**TASK**
Would you repeat all the lines below, exactly as they stand?

**EXCERPTED RECORDS**
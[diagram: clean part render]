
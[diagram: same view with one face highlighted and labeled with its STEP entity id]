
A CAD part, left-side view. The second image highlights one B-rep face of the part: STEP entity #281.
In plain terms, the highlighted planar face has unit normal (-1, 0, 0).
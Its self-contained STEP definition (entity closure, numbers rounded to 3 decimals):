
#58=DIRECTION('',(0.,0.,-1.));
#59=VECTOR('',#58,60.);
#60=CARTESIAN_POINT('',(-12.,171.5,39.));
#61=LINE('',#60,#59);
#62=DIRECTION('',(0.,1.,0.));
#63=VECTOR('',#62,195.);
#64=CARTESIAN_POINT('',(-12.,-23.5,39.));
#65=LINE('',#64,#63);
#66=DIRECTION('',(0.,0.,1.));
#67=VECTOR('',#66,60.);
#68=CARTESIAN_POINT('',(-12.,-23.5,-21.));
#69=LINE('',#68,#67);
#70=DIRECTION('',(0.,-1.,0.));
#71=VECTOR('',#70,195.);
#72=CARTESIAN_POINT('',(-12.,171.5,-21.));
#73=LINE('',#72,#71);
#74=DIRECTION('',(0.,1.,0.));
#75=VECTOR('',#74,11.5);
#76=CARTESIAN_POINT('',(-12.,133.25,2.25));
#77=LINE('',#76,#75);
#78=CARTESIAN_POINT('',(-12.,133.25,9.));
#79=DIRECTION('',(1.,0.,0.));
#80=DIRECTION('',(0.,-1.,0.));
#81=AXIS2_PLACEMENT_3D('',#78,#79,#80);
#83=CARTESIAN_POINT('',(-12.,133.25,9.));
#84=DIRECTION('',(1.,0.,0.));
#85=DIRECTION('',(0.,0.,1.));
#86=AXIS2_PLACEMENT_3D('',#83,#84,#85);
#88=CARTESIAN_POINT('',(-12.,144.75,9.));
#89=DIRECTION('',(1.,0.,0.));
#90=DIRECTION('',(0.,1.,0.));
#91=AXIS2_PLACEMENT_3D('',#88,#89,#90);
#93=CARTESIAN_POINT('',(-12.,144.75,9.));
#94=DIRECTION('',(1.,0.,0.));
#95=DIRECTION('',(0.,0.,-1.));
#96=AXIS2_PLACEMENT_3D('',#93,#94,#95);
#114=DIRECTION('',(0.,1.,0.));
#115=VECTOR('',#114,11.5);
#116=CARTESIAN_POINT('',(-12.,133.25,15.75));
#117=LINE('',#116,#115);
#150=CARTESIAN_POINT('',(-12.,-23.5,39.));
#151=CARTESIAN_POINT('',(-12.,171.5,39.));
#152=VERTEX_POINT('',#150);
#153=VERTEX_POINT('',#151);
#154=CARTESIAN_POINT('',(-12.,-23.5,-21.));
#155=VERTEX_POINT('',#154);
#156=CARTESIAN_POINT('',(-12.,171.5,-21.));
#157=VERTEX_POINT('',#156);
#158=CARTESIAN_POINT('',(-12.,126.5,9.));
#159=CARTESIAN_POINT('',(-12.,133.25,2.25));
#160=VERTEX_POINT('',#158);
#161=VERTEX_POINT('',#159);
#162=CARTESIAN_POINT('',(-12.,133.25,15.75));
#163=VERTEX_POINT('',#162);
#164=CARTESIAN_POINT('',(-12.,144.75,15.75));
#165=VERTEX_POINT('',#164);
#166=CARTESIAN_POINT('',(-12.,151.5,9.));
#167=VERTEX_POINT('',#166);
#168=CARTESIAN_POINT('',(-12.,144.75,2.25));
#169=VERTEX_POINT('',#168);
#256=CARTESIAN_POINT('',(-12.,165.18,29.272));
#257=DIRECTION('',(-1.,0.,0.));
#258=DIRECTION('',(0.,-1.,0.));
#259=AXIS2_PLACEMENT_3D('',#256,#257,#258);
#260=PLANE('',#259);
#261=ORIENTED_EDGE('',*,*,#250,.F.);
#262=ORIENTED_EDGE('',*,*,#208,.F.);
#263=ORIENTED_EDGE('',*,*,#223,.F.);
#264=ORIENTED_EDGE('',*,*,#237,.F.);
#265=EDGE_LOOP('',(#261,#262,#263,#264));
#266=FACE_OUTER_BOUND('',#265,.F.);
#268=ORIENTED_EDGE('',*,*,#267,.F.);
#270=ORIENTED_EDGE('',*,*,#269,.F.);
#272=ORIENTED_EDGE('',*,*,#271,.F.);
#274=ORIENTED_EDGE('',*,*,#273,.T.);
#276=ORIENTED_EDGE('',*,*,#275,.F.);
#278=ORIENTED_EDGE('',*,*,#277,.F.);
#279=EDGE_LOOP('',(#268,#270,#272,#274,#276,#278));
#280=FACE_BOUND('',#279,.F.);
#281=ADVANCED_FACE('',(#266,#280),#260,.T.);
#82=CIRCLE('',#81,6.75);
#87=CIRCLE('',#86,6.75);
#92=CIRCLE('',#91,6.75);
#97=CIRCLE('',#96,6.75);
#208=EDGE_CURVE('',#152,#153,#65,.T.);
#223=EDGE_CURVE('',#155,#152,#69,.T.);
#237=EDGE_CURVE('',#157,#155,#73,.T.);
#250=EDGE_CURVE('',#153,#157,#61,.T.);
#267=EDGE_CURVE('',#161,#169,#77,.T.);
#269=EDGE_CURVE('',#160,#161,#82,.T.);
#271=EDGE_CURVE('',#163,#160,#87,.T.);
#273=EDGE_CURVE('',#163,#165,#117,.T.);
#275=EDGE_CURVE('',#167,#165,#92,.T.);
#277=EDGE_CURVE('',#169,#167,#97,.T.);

**ANSWER BOX**
[diagram: clean part render]
[diagram: same view with one face highlighted and labeled with its STEP entity id]
A CAD part, left-side view. The second image highlights one B-rep face of the part: STEP entity #281.
In plain terms, the highlighted planar face has unit normal (-1, 0, 0).
Its self-contained STEP definition (entity closure, numbers rounded to 3 decimals):
#58=DIRECTION('',(0.,0.,-1.));
#59=VECTOR('',#58,60.);
#60=CARTESIAN_POINT('',(-12.,171.5,39.));
#61=LINE('',#60,#59);
#62=DIRECTION('',(0.,1.,0.));
#63=VECTOR('',#62,195.);
#64=CARTESIAN_POINT('',(-12.,-23.5,39.));
#65=LINE('',#64,#63);
#66=DIRECTION('',(0.,0.,1.));
#67=VECTOR('',#66,60.);
#68=CARTESIAN_POINT('',(-12.,-23.5,-21.));
#69=LINE('',#68,#67);
#70=DIRECTION('',(0.,-1.,0.));
#71=VECTOR('',#70,195.);
#72=CARTESIAN_POINT('',(-12.,171.5,-21.));
#73=LINE('',#72,#71);
#74=DIRECTION('',(0.,1.,0.));
#75=VECTOR('',#74,11.5);
#76=CARTESIAN_POINT('',(-12.,133.25,2.25));
#77=LINE('',#76,#75);
#78=CARTESIAN_POINT('',(-12.,133.25,9.));
#79=DIRECTION('',(1.,0.,0.));
#80=DIRECTION('',(0.,-1.,0.));
#81=AXIS2_PLACEMENT_3D('',#78,#79,#80);
#83=CARTESIAN_POINT('',(-12.,133.25,9.));
#84=DIRECTION('',(1.,0.,0.));
#85=DIRECTION('',(0.,0.,1.));
#86=AXIS2_PLACEMENT_3D('',#83,#84,#85);
#88=CARTESIAN_POINT('',(-12.,144.75,9.));
#89=DIRECTION('',(1.,0.,0.));
#90=DIRECTION('',(0.,1.,0.));
#91=AXIS2_PLACEMENT_3D('',#88,#89,#90);
#93=CARTESIAN_POINT('',(-12.,144.75,9.));
#94=DIRECTION('',(1.,0.,0.));
#95=DIRECTION('',(0.,0.,-1.));
#96=AXIS2_PLACEMENT_3D('',#93,#94,#95);
#114=DIRECTION('',(0.,1.,0.));
#115=VECTOR('',#114,11.5);
#116=CARTESIAN_POINT('',(-12.,133.25,15.75));
#117=LINE('',#116,#115);
#150=CARTESIAN_POINT('',(-12.,-23.5,39.));
#151=CARTESIAN_POINT('',(-12.,171.5,39.));
#152=VERTEX_POINT('',#150);
#153=VERTEX_POINT('',#151);
#154=CARTESIAN_POINT('',(-12.,-23.5,-21.));
#155=VERTEX_POINT('',#154);
#156=CARTESIAN_POINT('',(-12.,171.5,-21.));
#157=VERTEX_POINT('',#156);
#158=CARTESIAN_POINT('',(-12.,126.5,9.));
#159=CARTESIAN_POINT('',(-12.,133.25,2.25));
#160=VERTEX_POINT('',#158);
#161=VERTEX_POINT('',#159);
#162=CARTESIAN_POINT('',(-12.,133.25,15.75));
#163=VERTEX_POINT('',#162);
#164=CARTESIAN_POINT('',(-12.,144.75,15.75));
#165=VERTEX_POINT('',#164);
#166=CARTESIAN_POINT('',(-12.,151.5,9.));
#167=VERTEX_POINT('',#166);
#168=CARTESIAN_POINT('',(-12.,144.75,2.25));
#169=VERTEX_POINT('',#168);
#256=CARTESIAN_POINT('',(-12.,165.18,29.272));
#257=DIRECTION('',(-1.,0.,0.));
#258=DIRECTION('',(0.,-1.,0.));
#259=AXIS2_PLACEMENT_3D('',#256,#257,#258);
#260=PLANE('',#259);
#261=ORIENTED_EDGE('',*,*,#250,.F.);
#262=ORIENTED_EDGE('',*,*,#208,.F.);
#263=ORIENTED_EDGE('',*,*,#223,.F.);
#264=ORIENTED_EDGE('',*,*,#237,.F.);
#265=EDGE_LOOP('',(#261,#262,#263,#264));
#266=FACE_OUTER_BOUND('',#265,.F.);
#268=ORIENTED_EDGE('',*,*,#267,.F.);
#270=ORIENTED_EDGE('',*,*,#269,.F.);
#272=ORIENTED_EDGE('',*,*,#271,.F.);
#274=ORIENTED_EDGE('',*,*,#273,.T.);
#276=ORIENTED_EDGE('',*,*,#275,.F.);
#278=ORIENTED_EDGE('',*,*,#277,.F.);
#279=EDGE_LOOP('',(#268,#270,#272,#274,#276,#278));
#280=FACE_BOUND('',#279,.F.);
#281=ADVANCED_FACE('',(#266,#280),#260,.T.);
#82=CIRCLE('',#81,6.75);
#87=CIRCLE('',#86,6.75);
#92=CIRCLE('',#91,6.75);
#97=CIRCLE('',#96,6.75);
#208=EDGE_CURVE('',#152,#153,#65,.T.);
#223=EDGE_CURVE('',#155,#152,#69,.T.);
#237=EDGE_CURVE('',#157,#155,#73,.T.);
#250=EDGE_CURVE('',#153,#157,#61,.T.);
#267=EDGE_CURVE('',#161,#169,#77,.T.);
#269=EDGE_CURVE('',#160,#161,#82,.T.);
#271=EDGE_CURVE('',#163,#160,#87,.T.);
#273=EDGE_CURVE('',#163,#165,#117,.T.);
#275=EDGE_CURVE('',#167,#165,#92,.T.);
#277=EDGE_CURVE('',#169,#167,#97,.T.);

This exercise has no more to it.